27. A result of symmetry breaking as the grand unified force splits into the electroweak and strong forces is that the universe is left in a metastable state (false vacuum). In quantum physics, the vacuum is the state of lowest energy. As the universe transitions to the true vacuum, enormous energy was released that caused rapid expansion. This is much like a phase transition, where latent heat is liberated. In less than 10 -30 seconds, the universe expanded by a factor of order ~10 40. When the true vacuum was reached, inflation stopped.

28. The release of this “vacuum” energy causes the universe to inflate. At the end of inflation, the universe continues its evolution as in the standard Big Bang. March 2014, BICEP2 collaboration announced the detection of B-mode polarization in CMB – strong evidence for inflation and gravitational waves.

29. The Horizon Problem Note that inflation takes regions of space originally in causal contact and inflates them so they are not in causal contact today. The regions are so identical, because they were originally equalized by their close contact.

30. The Flatness Problem Inflation solves the flatness problem. The inflation expands space, and like a balloon, as it expands its surface becomes less and less curved. As the universe expands, regions of space become flatter and flatter. The enormous inflation of space would essentially eliminate any initial curvature within the observable universe.

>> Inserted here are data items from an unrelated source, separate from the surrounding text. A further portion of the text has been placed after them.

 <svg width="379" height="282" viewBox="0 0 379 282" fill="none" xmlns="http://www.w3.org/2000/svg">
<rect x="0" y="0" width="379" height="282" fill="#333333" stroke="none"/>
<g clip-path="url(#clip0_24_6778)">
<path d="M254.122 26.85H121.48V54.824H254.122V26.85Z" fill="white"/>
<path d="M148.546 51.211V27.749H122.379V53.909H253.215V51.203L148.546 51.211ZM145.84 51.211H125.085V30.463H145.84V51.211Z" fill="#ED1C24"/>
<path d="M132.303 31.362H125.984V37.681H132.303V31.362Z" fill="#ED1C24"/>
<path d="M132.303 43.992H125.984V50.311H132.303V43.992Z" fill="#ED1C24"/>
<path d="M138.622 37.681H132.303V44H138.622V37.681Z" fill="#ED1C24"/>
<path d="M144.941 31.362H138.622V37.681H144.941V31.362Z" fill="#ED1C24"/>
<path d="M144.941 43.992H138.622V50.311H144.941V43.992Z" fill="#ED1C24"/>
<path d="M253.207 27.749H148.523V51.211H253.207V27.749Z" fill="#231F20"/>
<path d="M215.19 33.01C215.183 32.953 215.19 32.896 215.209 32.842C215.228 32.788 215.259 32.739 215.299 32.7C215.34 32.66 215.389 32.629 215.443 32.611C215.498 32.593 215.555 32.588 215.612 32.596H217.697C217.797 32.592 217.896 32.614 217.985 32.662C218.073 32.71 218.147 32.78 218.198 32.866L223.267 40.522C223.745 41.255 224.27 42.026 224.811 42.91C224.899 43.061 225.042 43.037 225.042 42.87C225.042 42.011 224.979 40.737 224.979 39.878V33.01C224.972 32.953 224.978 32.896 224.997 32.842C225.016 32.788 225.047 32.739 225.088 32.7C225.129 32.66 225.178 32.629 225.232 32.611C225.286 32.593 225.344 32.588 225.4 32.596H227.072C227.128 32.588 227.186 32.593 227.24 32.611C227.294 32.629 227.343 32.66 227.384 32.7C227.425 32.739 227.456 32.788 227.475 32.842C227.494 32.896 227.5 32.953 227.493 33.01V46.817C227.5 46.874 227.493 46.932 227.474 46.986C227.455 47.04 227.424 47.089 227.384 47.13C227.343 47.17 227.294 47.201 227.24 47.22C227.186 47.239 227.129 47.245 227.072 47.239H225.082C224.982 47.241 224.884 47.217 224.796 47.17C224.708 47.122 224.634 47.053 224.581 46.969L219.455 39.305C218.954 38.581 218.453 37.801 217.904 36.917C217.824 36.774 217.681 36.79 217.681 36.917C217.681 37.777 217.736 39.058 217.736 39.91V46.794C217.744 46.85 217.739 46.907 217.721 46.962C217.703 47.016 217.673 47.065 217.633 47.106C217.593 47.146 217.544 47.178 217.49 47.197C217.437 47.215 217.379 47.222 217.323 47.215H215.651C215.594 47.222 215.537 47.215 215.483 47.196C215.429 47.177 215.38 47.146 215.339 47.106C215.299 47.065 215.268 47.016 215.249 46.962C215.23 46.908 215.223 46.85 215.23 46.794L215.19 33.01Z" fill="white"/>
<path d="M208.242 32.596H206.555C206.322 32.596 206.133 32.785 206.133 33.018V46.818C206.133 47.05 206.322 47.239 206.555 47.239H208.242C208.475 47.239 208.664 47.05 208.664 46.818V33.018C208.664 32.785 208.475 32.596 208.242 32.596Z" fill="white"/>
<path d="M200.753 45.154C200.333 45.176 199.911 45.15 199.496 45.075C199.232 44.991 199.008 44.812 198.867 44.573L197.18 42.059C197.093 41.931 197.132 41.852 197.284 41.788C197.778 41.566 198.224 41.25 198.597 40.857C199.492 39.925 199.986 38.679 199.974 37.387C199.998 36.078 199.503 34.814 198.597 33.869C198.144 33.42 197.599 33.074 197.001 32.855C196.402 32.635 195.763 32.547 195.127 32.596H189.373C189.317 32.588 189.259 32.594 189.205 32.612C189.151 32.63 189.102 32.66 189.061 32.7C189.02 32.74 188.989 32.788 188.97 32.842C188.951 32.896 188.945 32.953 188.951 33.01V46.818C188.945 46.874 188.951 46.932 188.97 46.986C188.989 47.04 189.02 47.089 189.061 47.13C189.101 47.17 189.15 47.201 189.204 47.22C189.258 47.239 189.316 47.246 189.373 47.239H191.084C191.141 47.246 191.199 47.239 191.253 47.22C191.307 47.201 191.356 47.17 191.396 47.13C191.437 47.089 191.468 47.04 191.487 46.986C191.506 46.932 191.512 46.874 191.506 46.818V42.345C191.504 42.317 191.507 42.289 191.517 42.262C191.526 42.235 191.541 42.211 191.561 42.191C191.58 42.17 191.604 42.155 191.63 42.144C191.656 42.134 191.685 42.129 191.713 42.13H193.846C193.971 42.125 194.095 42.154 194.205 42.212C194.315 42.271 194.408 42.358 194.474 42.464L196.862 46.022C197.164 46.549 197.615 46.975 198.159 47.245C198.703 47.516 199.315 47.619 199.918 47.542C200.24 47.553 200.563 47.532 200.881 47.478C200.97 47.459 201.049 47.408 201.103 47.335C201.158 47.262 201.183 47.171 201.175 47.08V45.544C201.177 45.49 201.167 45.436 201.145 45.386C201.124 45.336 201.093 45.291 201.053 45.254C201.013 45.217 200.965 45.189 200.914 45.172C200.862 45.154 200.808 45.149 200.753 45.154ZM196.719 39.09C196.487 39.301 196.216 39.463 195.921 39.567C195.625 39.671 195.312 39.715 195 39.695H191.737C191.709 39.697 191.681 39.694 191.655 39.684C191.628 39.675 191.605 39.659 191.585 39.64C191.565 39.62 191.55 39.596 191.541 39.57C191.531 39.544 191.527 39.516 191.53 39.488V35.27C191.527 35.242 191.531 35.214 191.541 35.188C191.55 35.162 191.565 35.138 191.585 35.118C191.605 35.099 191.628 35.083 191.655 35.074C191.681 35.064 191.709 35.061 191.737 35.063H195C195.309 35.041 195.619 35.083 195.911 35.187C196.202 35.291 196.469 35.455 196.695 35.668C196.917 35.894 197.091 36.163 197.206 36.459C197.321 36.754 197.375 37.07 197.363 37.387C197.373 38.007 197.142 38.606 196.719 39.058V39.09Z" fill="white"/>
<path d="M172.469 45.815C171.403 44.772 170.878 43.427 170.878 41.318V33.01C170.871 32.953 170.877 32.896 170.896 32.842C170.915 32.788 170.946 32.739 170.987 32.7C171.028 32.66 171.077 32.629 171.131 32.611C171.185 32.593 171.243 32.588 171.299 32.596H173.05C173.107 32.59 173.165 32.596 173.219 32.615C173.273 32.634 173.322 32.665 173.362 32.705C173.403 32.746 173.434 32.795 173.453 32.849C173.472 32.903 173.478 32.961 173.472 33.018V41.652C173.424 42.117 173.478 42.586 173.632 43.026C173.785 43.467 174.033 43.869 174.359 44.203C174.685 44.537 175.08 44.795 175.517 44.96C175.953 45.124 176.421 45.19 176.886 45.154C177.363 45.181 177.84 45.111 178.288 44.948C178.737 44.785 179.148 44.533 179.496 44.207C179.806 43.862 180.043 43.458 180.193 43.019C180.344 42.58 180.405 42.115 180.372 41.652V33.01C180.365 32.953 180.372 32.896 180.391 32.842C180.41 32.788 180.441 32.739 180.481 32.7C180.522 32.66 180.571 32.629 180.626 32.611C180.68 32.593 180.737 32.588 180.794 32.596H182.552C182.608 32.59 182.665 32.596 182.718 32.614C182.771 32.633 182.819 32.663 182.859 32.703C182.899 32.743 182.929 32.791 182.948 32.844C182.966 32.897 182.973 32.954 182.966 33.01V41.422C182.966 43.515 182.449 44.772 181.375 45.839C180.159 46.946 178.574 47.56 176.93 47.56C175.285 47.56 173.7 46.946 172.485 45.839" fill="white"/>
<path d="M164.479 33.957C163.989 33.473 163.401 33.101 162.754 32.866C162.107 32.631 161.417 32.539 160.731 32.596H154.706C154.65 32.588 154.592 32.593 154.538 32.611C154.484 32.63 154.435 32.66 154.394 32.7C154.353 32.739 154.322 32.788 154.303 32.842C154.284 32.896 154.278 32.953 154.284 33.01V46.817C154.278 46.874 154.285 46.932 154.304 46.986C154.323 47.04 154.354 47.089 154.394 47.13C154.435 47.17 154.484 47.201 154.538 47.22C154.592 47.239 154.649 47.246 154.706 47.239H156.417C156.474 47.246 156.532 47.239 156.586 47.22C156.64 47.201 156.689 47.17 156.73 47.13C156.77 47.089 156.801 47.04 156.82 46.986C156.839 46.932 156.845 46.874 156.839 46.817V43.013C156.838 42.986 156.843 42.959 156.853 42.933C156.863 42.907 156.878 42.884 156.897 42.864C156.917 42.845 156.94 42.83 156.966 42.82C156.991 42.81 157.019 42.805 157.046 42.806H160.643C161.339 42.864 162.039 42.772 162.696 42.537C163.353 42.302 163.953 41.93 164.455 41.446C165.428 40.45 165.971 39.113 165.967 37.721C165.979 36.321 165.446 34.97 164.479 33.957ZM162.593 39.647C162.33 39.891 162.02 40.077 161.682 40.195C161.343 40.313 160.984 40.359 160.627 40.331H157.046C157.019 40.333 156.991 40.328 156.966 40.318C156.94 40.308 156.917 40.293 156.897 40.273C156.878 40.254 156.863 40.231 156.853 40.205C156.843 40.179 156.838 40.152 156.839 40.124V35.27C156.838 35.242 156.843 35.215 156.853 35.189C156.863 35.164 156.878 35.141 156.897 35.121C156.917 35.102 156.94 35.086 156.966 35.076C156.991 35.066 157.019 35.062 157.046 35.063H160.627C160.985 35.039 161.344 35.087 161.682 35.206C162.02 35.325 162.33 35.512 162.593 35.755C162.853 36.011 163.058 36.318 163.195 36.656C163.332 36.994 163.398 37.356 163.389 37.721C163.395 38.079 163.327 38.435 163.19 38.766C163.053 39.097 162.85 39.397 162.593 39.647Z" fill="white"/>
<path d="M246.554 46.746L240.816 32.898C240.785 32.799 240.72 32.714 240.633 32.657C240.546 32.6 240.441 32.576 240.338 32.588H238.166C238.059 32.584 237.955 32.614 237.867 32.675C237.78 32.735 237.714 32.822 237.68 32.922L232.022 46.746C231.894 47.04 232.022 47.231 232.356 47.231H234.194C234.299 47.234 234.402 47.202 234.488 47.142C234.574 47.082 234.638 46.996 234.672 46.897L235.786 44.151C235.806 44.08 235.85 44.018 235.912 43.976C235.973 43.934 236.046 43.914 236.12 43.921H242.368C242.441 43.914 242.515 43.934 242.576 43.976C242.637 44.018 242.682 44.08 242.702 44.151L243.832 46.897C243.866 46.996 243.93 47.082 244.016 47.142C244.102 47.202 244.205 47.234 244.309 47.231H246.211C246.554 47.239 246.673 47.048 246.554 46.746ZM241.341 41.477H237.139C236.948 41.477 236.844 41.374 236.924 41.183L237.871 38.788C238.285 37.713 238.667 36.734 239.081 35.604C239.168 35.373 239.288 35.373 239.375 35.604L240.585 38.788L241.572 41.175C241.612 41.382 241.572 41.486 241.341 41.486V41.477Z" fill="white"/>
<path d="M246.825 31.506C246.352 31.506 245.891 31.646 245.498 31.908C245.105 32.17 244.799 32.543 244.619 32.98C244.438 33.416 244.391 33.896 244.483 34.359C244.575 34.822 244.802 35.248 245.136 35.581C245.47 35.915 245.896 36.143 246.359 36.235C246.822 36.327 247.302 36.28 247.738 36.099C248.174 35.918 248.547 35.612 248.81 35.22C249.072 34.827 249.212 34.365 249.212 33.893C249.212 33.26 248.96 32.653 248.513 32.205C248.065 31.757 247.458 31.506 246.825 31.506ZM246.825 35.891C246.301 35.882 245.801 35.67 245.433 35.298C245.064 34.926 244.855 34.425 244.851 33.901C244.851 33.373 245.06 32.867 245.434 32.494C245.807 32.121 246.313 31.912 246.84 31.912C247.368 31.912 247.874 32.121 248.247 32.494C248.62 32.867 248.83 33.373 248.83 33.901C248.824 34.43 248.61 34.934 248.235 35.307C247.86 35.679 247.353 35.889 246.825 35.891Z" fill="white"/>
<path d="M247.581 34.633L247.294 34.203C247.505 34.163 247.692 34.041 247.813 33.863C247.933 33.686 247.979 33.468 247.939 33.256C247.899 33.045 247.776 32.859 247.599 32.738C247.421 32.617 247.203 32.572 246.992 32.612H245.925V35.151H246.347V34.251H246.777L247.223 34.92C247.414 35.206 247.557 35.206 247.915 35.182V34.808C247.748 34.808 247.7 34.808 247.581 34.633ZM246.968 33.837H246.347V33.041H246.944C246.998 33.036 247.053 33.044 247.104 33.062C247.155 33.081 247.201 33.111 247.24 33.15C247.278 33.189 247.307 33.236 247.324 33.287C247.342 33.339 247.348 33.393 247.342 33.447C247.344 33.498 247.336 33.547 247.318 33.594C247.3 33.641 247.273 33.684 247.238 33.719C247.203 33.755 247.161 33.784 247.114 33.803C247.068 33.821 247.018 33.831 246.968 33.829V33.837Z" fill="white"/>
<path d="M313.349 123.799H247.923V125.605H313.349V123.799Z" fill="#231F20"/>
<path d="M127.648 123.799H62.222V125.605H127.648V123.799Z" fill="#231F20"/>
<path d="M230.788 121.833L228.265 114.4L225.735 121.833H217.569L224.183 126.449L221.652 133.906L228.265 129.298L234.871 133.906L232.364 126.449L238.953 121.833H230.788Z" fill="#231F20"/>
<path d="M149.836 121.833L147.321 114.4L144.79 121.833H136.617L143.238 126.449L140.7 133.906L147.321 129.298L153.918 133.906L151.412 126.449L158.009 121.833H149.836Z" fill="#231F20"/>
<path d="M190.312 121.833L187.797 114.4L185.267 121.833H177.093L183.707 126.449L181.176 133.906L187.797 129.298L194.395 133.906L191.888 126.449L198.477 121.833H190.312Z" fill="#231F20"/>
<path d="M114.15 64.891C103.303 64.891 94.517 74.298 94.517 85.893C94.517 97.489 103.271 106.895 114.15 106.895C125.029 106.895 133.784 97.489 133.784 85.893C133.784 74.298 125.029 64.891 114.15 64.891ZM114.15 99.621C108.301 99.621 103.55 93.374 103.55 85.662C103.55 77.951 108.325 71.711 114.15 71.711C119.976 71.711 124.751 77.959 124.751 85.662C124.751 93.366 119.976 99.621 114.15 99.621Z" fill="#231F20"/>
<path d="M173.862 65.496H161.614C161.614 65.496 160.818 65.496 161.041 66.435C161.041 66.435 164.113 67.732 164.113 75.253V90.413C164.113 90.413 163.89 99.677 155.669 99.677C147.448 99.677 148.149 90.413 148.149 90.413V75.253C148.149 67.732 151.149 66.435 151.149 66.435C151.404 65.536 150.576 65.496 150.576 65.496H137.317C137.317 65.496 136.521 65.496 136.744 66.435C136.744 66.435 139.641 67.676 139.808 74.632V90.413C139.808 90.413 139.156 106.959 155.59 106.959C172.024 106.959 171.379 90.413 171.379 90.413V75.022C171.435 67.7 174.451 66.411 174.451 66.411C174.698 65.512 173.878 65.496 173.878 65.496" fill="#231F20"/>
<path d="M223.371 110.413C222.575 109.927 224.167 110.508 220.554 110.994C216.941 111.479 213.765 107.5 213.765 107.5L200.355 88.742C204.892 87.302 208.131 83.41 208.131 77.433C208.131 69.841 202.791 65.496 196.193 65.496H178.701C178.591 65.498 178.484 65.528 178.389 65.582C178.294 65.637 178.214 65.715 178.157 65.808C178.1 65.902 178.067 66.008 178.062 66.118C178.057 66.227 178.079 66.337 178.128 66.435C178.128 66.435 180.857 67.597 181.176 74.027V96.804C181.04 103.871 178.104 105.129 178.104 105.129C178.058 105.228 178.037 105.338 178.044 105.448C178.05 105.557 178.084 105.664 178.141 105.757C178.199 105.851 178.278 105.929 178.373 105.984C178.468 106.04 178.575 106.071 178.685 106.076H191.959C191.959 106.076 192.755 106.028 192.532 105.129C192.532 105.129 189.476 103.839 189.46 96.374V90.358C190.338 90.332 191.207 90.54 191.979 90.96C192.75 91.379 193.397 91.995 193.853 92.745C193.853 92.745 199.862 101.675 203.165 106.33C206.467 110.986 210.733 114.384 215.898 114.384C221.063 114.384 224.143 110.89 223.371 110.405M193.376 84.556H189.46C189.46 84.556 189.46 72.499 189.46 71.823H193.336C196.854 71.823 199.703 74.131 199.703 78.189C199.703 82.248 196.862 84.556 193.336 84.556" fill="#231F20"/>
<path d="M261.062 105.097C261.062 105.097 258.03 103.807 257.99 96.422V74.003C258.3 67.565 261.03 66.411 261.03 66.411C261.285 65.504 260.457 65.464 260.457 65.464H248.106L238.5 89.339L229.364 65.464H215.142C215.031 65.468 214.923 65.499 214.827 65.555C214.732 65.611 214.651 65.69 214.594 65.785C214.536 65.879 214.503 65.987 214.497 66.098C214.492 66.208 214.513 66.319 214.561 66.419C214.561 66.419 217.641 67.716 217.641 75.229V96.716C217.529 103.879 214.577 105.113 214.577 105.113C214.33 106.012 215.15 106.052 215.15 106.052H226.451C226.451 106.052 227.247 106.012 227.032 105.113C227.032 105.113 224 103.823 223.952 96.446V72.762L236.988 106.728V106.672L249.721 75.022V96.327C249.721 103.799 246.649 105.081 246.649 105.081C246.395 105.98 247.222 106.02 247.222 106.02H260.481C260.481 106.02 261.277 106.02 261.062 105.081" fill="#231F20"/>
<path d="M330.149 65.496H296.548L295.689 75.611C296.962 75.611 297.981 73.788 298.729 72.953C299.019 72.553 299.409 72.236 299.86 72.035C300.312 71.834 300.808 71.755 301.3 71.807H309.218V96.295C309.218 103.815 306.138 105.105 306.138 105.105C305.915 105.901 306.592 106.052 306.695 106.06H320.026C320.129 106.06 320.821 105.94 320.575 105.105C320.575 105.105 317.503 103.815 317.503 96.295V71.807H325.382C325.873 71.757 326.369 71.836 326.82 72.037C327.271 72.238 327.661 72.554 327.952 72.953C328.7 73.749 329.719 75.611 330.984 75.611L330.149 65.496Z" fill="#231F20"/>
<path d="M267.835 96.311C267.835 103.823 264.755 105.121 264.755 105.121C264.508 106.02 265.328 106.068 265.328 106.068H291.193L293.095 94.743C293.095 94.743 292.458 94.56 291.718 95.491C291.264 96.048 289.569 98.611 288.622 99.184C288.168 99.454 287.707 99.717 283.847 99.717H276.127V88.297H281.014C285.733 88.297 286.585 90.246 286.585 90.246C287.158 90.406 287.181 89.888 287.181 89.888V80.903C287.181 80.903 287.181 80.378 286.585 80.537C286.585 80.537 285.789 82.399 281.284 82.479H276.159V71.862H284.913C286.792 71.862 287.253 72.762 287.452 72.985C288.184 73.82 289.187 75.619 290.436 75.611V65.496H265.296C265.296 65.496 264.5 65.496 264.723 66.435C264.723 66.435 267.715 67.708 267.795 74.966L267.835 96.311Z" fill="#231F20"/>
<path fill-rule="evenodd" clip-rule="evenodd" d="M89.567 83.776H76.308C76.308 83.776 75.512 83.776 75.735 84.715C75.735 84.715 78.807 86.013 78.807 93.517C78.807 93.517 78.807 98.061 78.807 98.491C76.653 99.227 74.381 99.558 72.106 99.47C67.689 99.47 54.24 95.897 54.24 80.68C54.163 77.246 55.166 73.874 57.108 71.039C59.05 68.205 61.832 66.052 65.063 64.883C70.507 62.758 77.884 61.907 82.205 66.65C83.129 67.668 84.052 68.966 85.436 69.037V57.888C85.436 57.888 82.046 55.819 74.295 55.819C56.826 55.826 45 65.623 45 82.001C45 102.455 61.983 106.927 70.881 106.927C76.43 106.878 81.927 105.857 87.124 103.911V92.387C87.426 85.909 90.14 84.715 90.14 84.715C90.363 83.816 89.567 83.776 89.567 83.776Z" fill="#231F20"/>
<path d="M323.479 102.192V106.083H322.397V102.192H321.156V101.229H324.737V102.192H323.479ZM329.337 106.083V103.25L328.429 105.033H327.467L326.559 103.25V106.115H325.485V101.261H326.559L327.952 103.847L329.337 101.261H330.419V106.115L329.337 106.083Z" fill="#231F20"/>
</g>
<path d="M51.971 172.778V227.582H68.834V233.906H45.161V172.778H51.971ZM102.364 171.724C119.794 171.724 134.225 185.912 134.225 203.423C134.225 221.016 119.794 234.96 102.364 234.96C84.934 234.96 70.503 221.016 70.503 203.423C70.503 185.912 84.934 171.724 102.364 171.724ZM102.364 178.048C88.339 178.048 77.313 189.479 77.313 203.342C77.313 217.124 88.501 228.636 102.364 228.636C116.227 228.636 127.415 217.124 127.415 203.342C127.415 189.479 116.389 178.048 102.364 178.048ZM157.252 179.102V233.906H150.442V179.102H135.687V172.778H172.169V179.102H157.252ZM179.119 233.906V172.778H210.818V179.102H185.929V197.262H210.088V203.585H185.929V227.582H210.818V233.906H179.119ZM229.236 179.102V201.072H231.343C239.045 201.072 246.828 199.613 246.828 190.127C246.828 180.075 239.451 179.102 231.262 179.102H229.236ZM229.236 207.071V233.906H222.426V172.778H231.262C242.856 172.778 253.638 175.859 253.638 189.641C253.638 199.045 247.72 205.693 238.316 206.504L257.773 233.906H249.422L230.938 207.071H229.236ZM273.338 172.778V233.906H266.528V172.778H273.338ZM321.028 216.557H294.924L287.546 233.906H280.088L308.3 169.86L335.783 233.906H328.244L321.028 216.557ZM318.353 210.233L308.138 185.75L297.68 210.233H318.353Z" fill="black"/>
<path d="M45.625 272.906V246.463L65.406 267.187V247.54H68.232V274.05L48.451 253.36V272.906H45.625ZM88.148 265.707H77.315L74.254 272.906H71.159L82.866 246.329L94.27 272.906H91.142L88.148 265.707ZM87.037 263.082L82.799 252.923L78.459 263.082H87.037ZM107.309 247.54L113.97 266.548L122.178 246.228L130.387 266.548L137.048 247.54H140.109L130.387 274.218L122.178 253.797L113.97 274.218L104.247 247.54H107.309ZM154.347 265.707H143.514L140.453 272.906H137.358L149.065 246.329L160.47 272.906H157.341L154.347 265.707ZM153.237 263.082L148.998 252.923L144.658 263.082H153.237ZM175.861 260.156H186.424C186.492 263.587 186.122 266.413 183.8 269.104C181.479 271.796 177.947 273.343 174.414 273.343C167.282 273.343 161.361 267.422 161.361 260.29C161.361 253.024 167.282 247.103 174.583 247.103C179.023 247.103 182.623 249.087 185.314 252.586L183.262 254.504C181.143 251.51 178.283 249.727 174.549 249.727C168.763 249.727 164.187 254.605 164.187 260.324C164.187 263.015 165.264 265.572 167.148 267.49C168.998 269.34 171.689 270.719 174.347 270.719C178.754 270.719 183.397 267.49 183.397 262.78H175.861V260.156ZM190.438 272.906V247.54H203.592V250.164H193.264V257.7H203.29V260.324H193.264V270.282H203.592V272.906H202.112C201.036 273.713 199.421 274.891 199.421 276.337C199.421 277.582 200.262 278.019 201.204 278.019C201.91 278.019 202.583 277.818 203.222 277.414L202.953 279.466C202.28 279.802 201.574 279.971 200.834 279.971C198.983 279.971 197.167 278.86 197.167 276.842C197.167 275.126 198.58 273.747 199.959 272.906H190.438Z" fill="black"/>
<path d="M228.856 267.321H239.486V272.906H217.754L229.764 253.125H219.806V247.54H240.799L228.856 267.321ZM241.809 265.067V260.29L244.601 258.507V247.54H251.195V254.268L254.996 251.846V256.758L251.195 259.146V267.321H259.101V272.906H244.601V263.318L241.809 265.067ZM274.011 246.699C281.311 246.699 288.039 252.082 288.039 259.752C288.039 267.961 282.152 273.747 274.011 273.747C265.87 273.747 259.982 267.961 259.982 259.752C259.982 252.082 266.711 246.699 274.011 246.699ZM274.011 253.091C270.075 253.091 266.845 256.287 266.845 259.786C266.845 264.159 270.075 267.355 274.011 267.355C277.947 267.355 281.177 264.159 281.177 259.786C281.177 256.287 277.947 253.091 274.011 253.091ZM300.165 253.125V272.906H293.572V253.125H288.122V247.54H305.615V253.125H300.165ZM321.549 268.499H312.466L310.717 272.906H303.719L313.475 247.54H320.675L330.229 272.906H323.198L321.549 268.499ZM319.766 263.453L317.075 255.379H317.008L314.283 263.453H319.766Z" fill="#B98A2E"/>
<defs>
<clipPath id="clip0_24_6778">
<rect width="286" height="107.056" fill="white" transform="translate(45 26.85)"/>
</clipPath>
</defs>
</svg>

31. The Vacuum: The vacuum of quantum mechanics is not the uninteresting empty space of classical physics. The Heisenberg Uncertainty Principle results in the quantum vacuum being a sea of continuously appearing and disappearing particles (particle and anti-particle pairs). These represent minute density fluctuations. The presence of these “virtual” particles has observable effects (Lamb shift and Casimir effect). Inflation blows these minute density fluctuations to macroscopic sizes and in fact produces just the correct spectrum of fluctuations needed for the growth of structure in the universe

32. Added Bonus for Inflation Inflation takes quantum fluctuations in the very early universe and expands from to macroscopic scales. These macroscopic scale fluctuations grow are the origin of the acoustic waves and. These fluctuations are the origin of all structure seen in the universe today.